- Godt in 1944
- Born: Eberhard Friedrich Clemens Godt 15 August 1900 Lübeck
- Died: 13 September 1995 (aged 95)
- Allegiance: German Empire Weimar Republic Nazi Germany
- Branch: Imperial German Navy (1918) Reichsmarine (1920–1935) Kriegsmarine (1935–1945)
- Service years: 1918, 1920–1945
- Rank: Konteradmiral
- Unit: SMS Schlesien Marinebrigade Ehrhardt Cruiser Emden
- Commands: U-25 Chief of U-boat operations
- Conflicts: World War I Spanish Civil War World War II Battle of the Atlantic;
- Awards: German Cross in Gold (1942)

= Eberhard Godt =

German WW2 navy officer

Eberhard Godt (15 August 1900 – 13 September 1995) was a German naval officer who served in both World War I and World War II, eventually rising to command the Kriegsmarines U-boat operations.

==Biography==
 This article incorporates information from the equivalent articles on the German Wikipedia

Godt joined the Kaiserliche Marine in summer 1918 as an officer cadet and served on board the . After the war he served in the Marinebrigade Ehrhardt. In March 1920 he was accepted in the Reichsmarine, becoming an officer in 1924. He served aboard numerous surface ships and naval installations until 1935; when he was serving on the light cruiser Emden as adjutant to Kapitän zur See Karl Dönitz. Then Korvettenkapitän (Lieutenant Commander) Godt transferred to the newly established U-boat arm; commanding during the Spanish Civil War.

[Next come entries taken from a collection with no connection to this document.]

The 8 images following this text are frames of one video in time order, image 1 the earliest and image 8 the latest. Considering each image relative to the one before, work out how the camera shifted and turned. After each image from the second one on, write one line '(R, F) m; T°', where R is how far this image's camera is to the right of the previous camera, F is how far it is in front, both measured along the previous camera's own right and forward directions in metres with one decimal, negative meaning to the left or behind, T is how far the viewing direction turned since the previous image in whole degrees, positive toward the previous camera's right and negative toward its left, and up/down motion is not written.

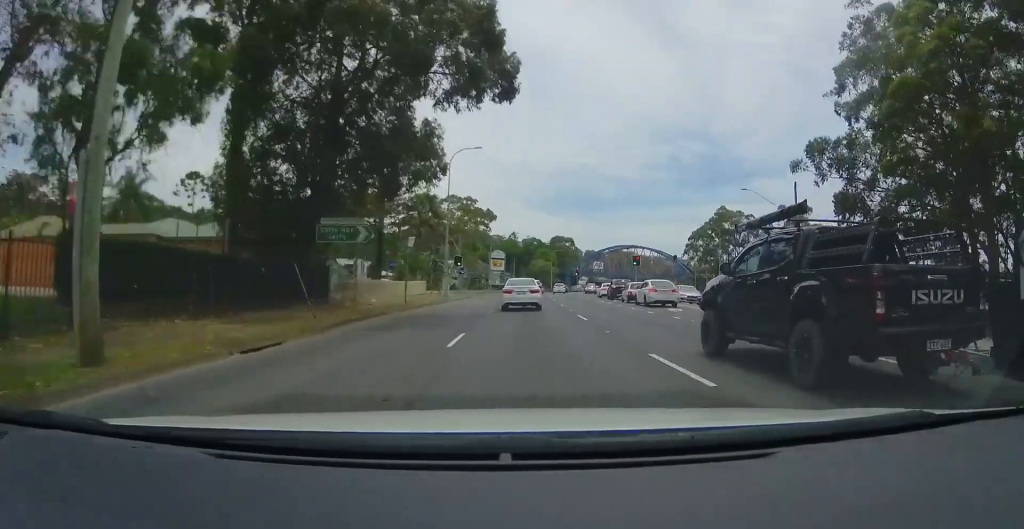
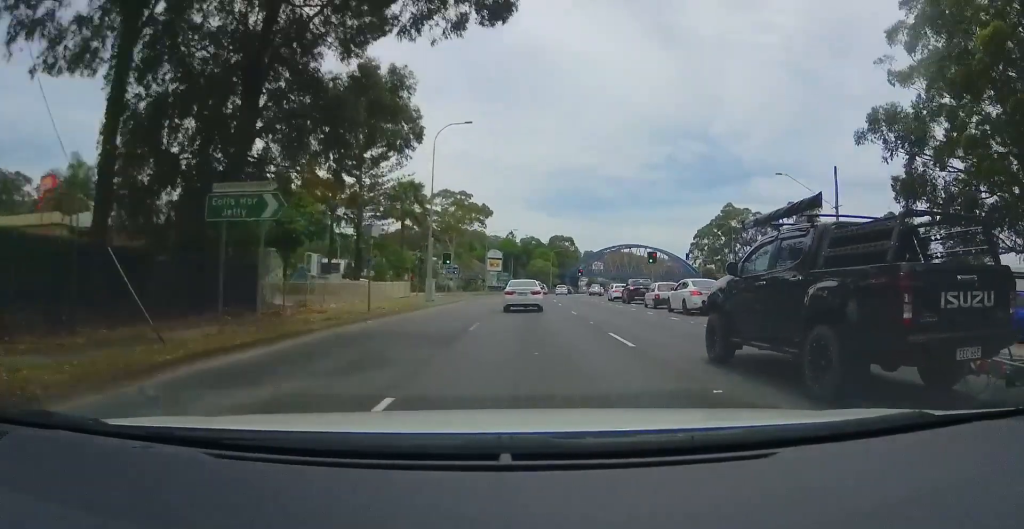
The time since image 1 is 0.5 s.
(0.0, +7.7) m; +2°
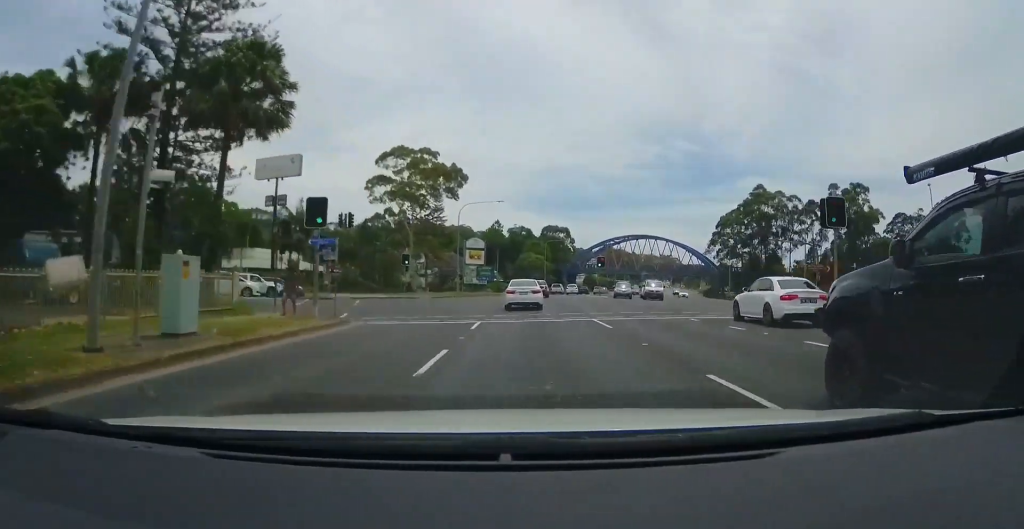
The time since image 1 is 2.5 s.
(+1.9, +30.0) m; +6°
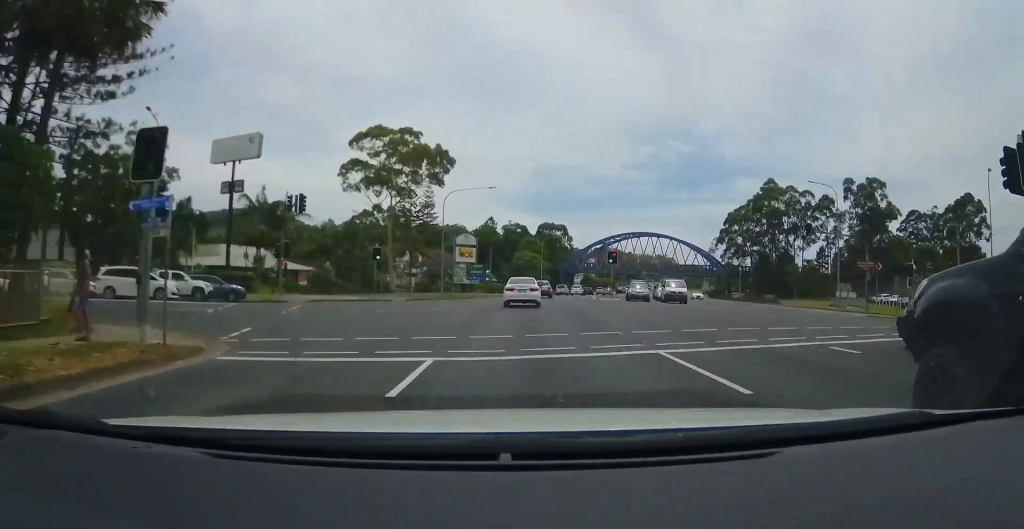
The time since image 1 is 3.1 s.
(+0.2, +9.3) m; +1°
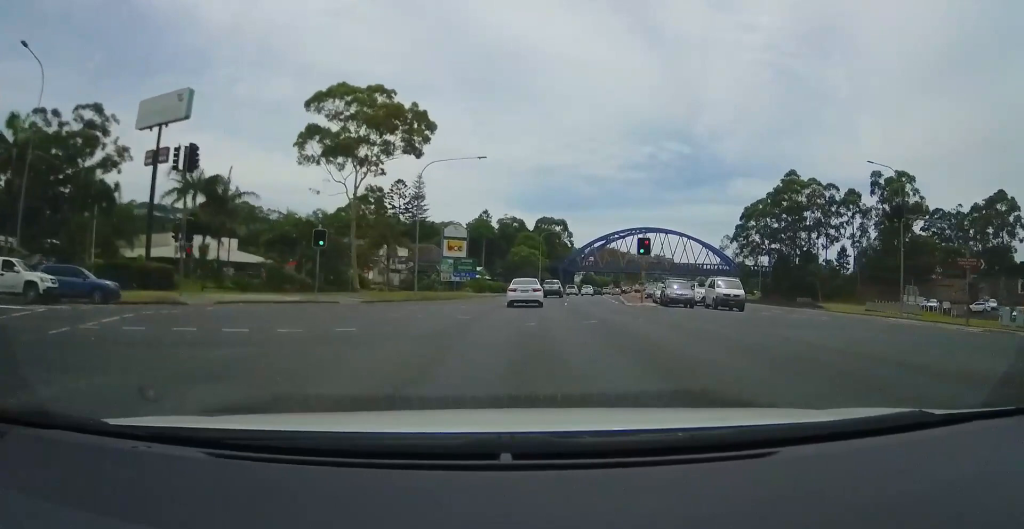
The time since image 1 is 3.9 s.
(+0.1, +12.5) m; 0°
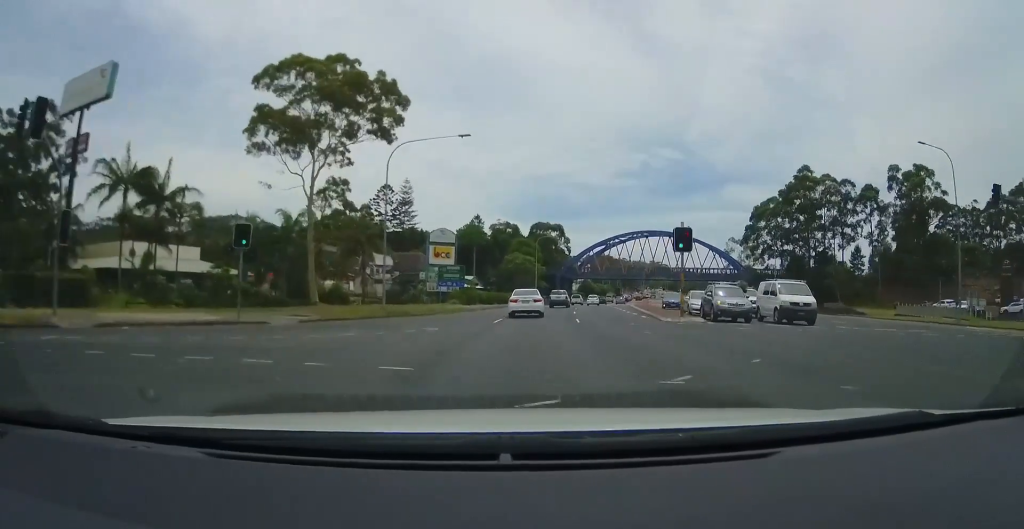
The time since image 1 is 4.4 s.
(0.0, +8.9) m; 0°
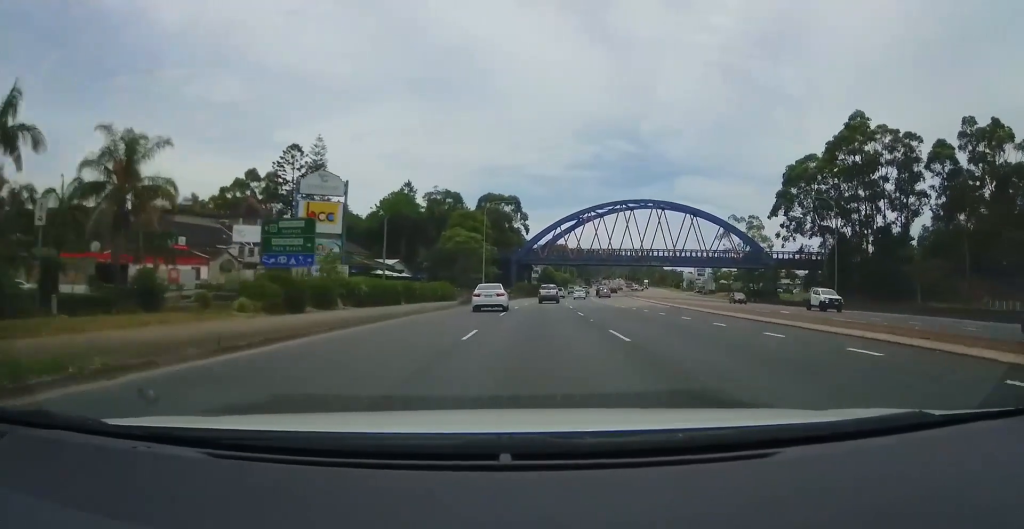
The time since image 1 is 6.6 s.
(+0.8, +34.8) m; +3°
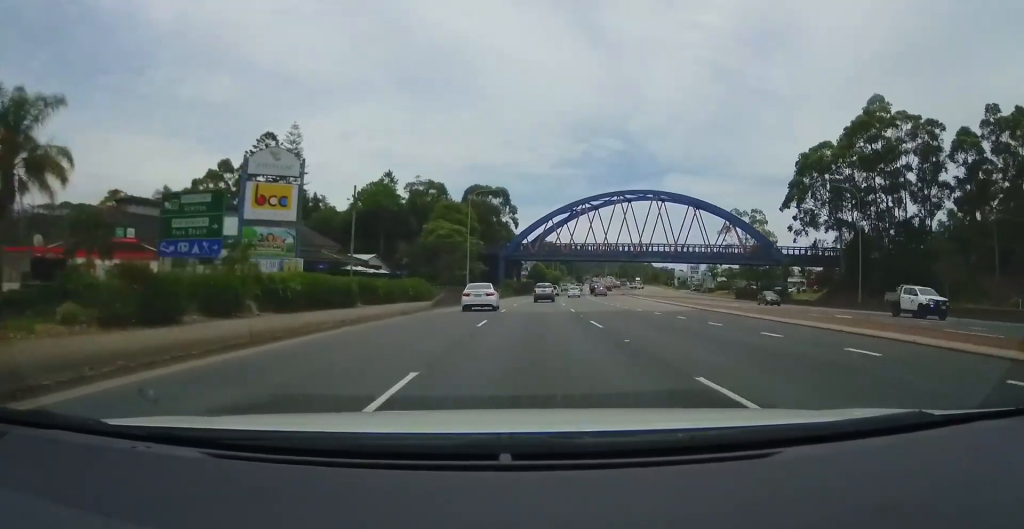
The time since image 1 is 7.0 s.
(-0.2, +7.3) m; 0°

In January 1938 he was appointed to the staff of the commander of the U-boat force, Admiral Dönitz. In October he became the force's chief of operations. He continued in this role until January 1943 when he assumed full tactical command of U-Boat operations after Dönitz was promoted to command the Kriegsmarine. In March Godt was promoted to Konteradmiral (Rear Admiral) and assigned, additionally to his U-boat duties, to a department command at the Naval High Command. In 1945 he became a POW and remained in British custody until 1947. During this time he also testified as a witness in the Nuremberg trials.

Following the war he wrote a history of Kriegsmarine operations in World War II as a member of the Naval Historical Team.

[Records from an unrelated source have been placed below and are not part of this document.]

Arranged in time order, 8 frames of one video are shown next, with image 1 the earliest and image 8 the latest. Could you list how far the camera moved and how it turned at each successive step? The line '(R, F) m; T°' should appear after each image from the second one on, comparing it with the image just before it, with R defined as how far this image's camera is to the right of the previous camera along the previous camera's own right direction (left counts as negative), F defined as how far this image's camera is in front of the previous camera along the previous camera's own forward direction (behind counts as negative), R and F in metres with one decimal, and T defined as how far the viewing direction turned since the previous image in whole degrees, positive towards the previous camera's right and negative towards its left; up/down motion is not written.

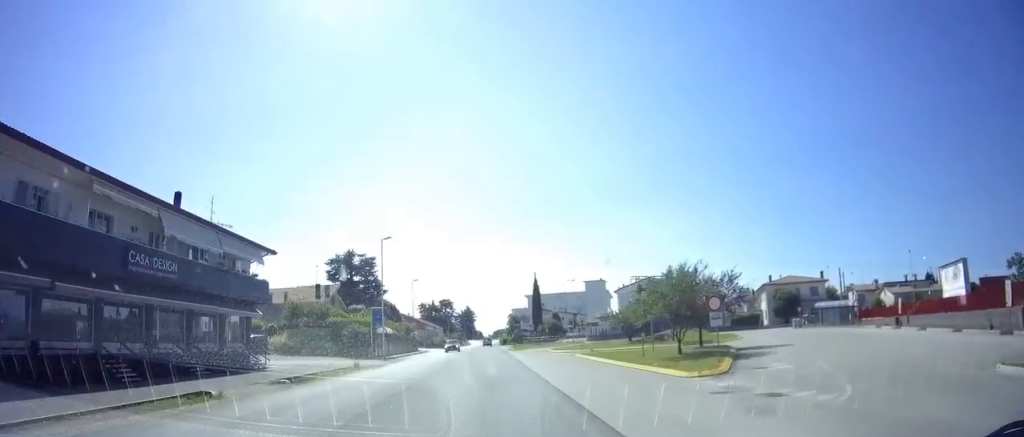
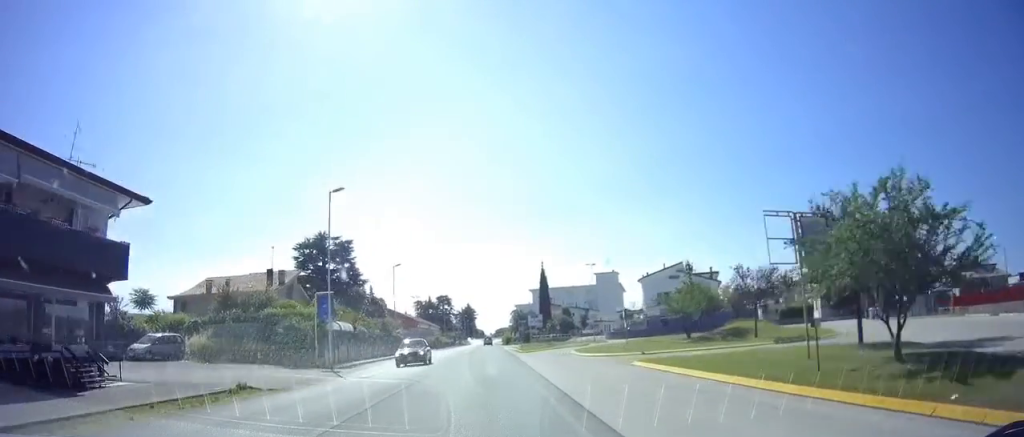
(+0.1, +14.9) m; 0°
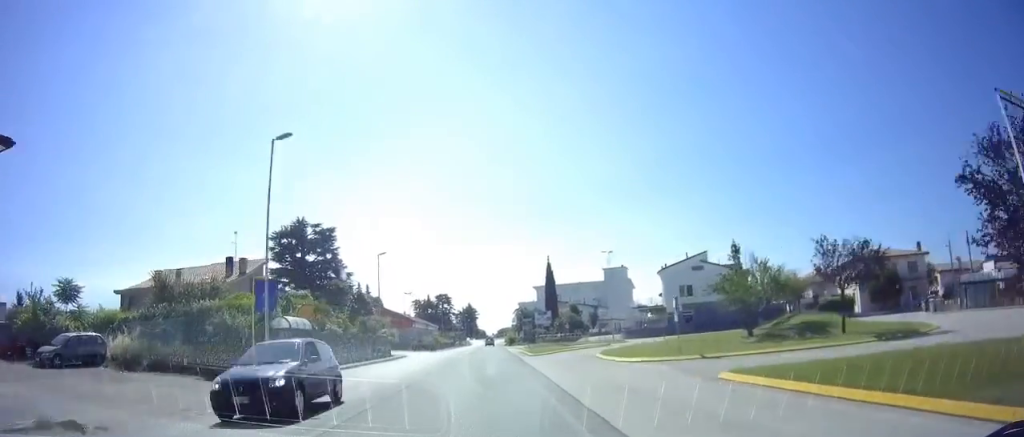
(-0.2, +8.6) m; 0°
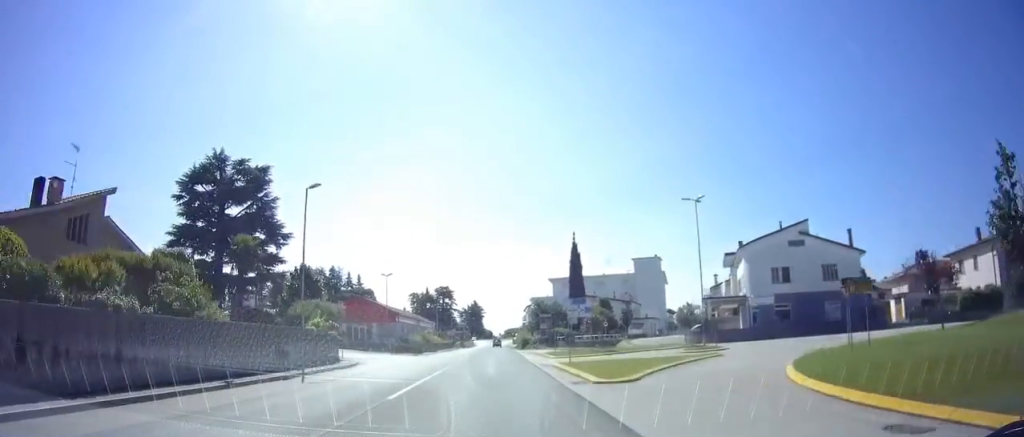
(+0.3, +22.1) m; 0°
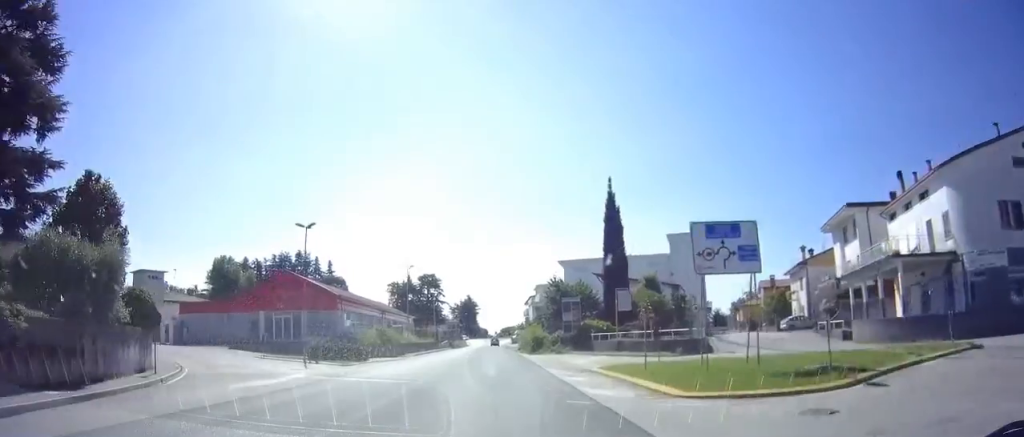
(-0.5, +26.8) m; 0°
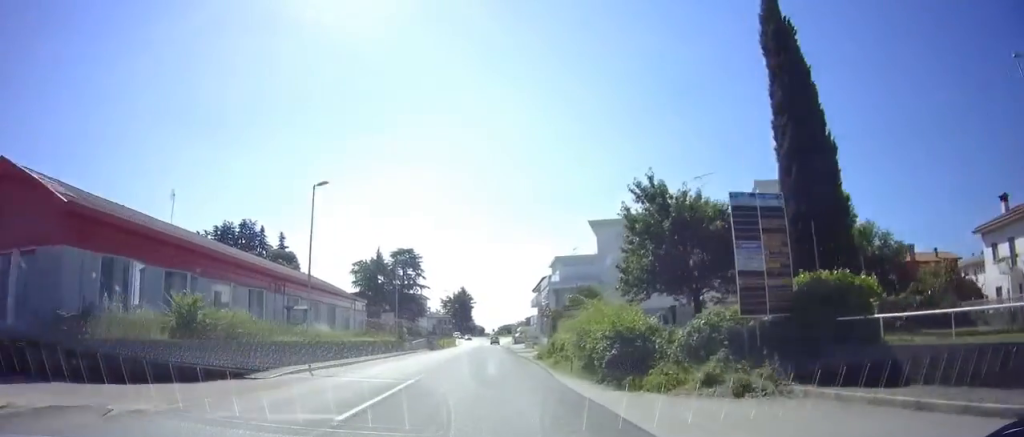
(+0.6, +32.5) m; +1°
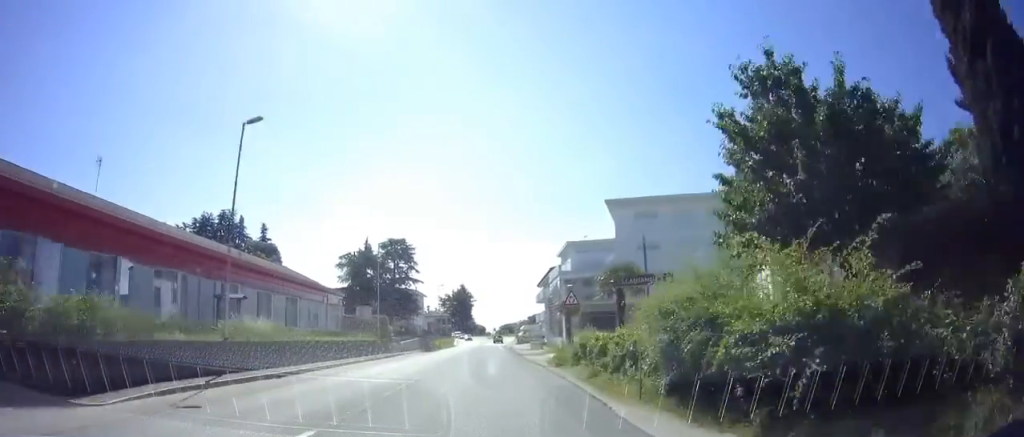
(-0.1, +9.5) m; -1°
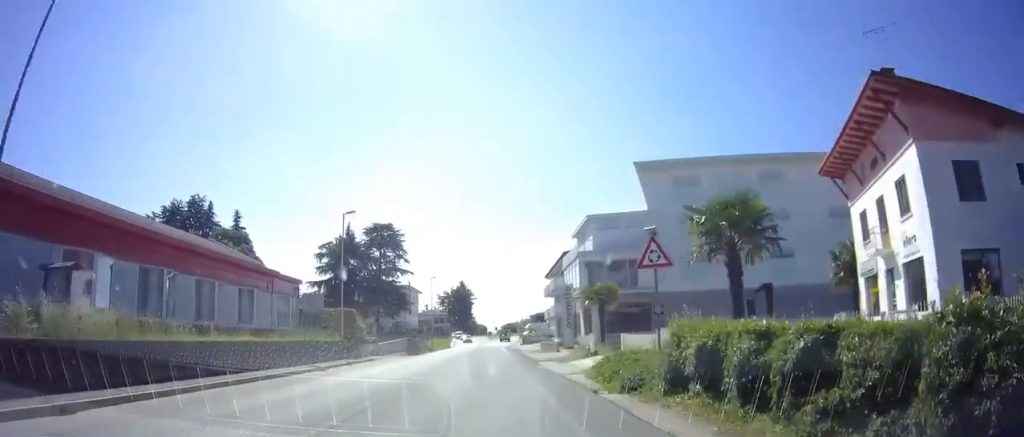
(-0.2, +12.4) m; 0°

Godt died at the age of 95 on 13 September 1995.

==Dates of rank==
- Seekadett (Junior Cadet): 1 July 1918
- Fähnrich zur See (Senior Cadet): 1 April 1922
- Oberfähnrich zur See (Midshipman): 1 October 1923
- Leutnant zur See (Acting Sub-Lieutenant): 1 April 1924
- Oberleutnant zur See (Sub-Lieutenant): 1 January 1926
- Kapitänleutnant (Lieutenant): 1 July 1933
- Korvettenkapitän (Corvette Captain / Lieutenant Commander): 1 April 1937
- Fregattenkapitän (Frigate Captain / Commander): 1 July 1940
- Kapitän zur See (Line Captain): 1 September 1942
- Konteradmiral (Rear Admiral, Lower Half): 1 March 1943

==Decorations and awards==
- Iron Cross (1914)
  - 2nd class (1918)
- Hanseatic Cross of Lübeck (1918)
- Clasp to the Iron Cross (1939)
  - 2nd class
- Iron Cross (1939)
  - 1st class
- German Cross in Gold (10 February 1942)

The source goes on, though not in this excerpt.